We have previously seen data on retroviruses in lung secretions thrown out on the grounds that this must be contamination by exogenous viruses which do not infect cells in the body, even if they are able to infect similar cells in vitro. Here we see similar reasoning involving microbiota of the gut. Both environments are patrolled by host immune cells which can then carry inserted provirus back through the bloodstream without having virions destroyed by antibodies. The hypothesis that a later breakdown in ability to hold the provirus latent in previously infected immune cells would result in precisely the recombinations and emergence of infectious virus specifically affecting immune response as described above must not be one that is even allowed to be considered.
 

anciendaze

Senior Member
Messages
1,841
Treatment is some distance off, we're still at the stage of recognizing the problem, but I could sketch out a couple of ideas.

First, at early stages of some diseases suspected of such causes, it might be worthwhile to consider antiretroviral drugs. This has been happening piecemeal, but a more systematic approach, in diseases that show ERV activation, would make sense.

Second, if the idea that the start of the process requires a replication-competent virus, already present in the host, pans out it would make sense to specifically target such infected cells while the number is small. There would be two problems: 1) most of these are latent, most of the time; 2) you would need a very narrow therapeutic target to avoid extensive damage to uninfected cells. The treatment would then consist of a means of provoking those latent infected cells to express the provirus in a way that would allow immune targeting, followed by a highly-specific targeted immune response, as we see in adoptive immunotherapy. (Where the patient's own immune cells are extracted, stimulated in vitro for a specific target, cultured into larger numbers, then returned at a rate the patient can tolerate.)

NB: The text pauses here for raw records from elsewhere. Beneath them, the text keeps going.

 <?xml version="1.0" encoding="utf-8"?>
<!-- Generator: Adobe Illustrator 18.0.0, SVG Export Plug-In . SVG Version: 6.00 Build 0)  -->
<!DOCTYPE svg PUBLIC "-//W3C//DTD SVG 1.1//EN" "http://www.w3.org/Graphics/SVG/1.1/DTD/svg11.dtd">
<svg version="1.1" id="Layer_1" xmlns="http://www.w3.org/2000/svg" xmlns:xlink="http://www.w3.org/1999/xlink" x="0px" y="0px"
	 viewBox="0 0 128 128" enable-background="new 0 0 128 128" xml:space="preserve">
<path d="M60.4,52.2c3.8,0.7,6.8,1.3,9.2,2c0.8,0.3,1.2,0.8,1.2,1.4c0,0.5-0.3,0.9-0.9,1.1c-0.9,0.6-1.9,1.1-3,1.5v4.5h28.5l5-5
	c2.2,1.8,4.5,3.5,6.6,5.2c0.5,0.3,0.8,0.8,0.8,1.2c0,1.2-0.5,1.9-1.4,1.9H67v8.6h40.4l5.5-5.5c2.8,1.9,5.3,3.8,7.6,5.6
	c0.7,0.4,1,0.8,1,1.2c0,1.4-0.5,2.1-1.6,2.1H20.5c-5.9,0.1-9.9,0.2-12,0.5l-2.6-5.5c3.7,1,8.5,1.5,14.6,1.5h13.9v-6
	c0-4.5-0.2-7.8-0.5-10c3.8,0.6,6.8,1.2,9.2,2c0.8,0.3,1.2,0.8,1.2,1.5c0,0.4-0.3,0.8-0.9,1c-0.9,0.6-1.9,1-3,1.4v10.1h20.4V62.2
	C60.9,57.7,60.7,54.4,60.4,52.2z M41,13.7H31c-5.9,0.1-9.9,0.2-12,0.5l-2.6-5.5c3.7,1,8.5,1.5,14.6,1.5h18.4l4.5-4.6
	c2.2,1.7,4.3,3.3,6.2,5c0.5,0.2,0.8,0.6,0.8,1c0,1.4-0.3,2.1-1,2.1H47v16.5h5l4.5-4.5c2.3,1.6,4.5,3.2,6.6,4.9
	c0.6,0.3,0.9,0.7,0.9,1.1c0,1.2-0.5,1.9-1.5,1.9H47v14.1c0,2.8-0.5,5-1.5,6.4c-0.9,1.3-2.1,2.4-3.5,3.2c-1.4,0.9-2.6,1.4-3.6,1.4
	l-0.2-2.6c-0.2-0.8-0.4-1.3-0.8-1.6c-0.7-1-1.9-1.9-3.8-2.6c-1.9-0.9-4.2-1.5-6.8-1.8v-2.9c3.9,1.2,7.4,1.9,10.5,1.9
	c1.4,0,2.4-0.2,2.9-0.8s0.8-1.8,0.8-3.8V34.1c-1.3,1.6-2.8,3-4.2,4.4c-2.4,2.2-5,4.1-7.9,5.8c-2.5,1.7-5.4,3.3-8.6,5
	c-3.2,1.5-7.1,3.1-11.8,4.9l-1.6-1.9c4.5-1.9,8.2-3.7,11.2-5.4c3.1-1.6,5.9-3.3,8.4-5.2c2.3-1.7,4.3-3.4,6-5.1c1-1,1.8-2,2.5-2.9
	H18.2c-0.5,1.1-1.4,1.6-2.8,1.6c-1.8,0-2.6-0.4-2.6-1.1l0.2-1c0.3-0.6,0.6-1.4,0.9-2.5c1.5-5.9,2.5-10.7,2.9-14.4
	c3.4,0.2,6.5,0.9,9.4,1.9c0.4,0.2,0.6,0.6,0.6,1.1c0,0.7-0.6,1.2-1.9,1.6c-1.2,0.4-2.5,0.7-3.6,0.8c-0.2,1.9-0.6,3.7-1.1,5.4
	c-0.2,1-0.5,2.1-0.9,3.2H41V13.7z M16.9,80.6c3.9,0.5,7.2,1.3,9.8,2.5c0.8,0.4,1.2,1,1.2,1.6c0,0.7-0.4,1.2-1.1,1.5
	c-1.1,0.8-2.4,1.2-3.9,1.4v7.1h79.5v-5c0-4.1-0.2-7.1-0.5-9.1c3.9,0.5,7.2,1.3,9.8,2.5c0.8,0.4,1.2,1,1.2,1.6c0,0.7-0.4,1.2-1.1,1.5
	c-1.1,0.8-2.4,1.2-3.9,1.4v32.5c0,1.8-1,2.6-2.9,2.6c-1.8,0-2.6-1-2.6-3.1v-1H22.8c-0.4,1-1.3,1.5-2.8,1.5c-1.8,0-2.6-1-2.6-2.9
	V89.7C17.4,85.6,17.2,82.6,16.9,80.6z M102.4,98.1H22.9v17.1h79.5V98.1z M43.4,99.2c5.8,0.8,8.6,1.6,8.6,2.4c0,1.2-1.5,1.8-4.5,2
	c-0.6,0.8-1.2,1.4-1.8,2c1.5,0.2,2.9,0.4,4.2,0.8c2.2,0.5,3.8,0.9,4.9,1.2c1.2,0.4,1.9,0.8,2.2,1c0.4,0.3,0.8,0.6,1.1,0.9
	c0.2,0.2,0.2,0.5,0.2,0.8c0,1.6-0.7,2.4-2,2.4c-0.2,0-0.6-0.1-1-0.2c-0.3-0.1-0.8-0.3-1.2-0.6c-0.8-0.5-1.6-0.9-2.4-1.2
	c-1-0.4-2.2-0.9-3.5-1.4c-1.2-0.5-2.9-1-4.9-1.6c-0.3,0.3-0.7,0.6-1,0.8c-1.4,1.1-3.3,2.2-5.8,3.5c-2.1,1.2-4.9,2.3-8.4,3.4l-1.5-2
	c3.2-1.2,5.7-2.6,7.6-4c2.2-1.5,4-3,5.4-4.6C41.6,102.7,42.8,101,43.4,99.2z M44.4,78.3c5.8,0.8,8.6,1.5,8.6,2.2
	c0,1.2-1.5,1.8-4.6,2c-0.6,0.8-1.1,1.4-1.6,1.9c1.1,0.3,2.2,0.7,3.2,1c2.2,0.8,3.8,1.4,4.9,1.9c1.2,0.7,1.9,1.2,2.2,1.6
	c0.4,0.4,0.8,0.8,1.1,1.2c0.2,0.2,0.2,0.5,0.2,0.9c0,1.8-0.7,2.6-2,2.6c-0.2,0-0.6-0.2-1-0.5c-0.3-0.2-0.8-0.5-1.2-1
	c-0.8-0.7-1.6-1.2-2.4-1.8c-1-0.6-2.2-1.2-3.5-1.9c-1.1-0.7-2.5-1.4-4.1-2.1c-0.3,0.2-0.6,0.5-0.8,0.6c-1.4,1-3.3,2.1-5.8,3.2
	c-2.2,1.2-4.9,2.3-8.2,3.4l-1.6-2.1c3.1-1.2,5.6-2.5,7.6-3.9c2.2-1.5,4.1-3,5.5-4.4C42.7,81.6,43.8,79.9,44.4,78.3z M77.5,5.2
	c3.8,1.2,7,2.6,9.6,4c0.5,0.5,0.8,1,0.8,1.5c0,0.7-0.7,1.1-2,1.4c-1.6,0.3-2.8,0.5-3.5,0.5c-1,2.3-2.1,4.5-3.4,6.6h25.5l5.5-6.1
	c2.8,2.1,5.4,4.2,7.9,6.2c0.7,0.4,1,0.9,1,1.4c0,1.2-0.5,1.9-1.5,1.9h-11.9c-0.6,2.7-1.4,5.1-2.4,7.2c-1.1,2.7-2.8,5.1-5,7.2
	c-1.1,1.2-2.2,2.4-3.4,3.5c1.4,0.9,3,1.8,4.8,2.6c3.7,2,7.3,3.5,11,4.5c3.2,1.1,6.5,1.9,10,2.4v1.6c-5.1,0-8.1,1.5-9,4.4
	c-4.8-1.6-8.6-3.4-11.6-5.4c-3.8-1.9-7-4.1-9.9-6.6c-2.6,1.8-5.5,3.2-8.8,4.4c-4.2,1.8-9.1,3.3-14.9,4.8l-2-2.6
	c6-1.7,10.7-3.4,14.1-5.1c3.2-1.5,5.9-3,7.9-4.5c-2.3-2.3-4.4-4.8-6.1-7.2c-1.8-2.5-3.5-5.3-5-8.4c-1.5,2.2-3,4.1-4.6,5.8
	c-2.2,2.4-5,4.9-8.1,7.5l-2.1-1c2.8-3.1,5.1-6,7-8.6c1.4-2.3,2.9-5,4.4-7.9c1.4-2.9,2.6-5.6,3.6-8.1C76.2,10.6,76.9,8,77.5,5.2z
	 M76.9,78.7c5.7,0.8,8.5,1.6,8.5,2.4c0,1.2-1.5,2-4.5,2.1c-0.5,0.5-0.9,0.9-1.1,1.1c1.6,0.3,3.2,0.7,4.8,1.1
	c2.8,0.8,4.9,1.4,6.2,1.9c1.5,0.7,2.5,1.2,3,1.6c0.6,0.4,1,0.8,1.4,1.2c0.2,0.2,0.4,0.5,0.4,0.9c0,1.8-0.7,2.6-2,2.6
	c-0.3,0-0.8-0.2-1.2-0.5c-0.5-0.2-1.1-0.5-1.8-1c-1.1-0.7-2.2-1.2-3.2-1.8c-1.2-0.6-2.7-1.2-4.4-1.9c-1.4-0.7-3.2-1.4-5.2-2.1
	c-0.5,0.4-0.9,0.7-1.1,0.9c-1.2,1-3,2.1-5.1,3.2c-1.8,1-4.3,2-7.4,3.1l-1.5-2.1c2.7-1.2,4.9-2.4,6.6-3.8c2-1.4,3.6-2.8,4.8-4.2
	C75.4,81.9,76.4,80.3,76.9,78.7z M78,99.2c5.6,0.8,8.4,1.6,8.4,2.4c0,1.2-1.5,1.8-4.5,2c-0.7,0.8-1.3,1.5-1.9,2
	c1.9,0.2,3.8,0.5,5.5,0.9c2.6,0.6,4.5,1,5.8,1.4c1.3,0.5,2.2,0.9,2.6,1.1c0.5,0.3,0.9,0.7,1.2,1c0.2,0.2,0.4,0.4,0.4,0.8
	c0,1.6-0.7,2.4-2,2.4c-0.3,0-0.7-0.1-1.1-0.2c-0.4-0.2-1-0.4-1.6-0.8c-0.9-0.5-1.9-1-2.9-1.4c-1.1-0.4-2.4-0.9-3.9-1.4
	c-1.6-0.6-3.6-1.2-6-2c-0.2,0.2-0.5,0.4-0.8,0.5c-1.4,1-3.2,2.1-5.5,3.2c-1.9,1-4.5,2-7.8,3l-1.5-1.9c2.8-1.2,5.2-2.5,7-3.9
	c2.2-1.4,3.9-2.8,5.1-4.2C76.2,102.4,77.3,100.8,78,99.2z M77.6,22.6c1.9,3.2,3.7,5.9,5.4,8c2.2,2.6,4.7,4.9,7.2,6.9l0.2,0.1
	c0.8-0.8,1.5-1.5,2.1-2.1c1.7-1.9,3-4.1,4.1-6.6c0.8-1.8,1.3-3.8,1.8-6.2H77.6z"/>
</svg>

Simply being able to test individuals to see which ones are most at risk, because they carry a latent infection, would be a great advance.

It is still very early days to be talking about this. I'm just trying to show that it is possible to imagine treatments. Almost certainly, the methods worked out after more experience would be different, more efficient and less costly.
 

anciendaze

Senior Member
Messages
1,841
Firestormm, a PhD. dissertation must make a significant contribution to the state of the art to be accepted. I've seen some fairly amusing reasoning along those lines, but I do not think that is going on in this case. If you are thinking of studies on treatment of patients, that would be way down the line, but this is almost certainly based on considerably more than library research and speculation.

We won't know until the full text is available. It appears release of this text is being withheld pending presentation or publication in another form.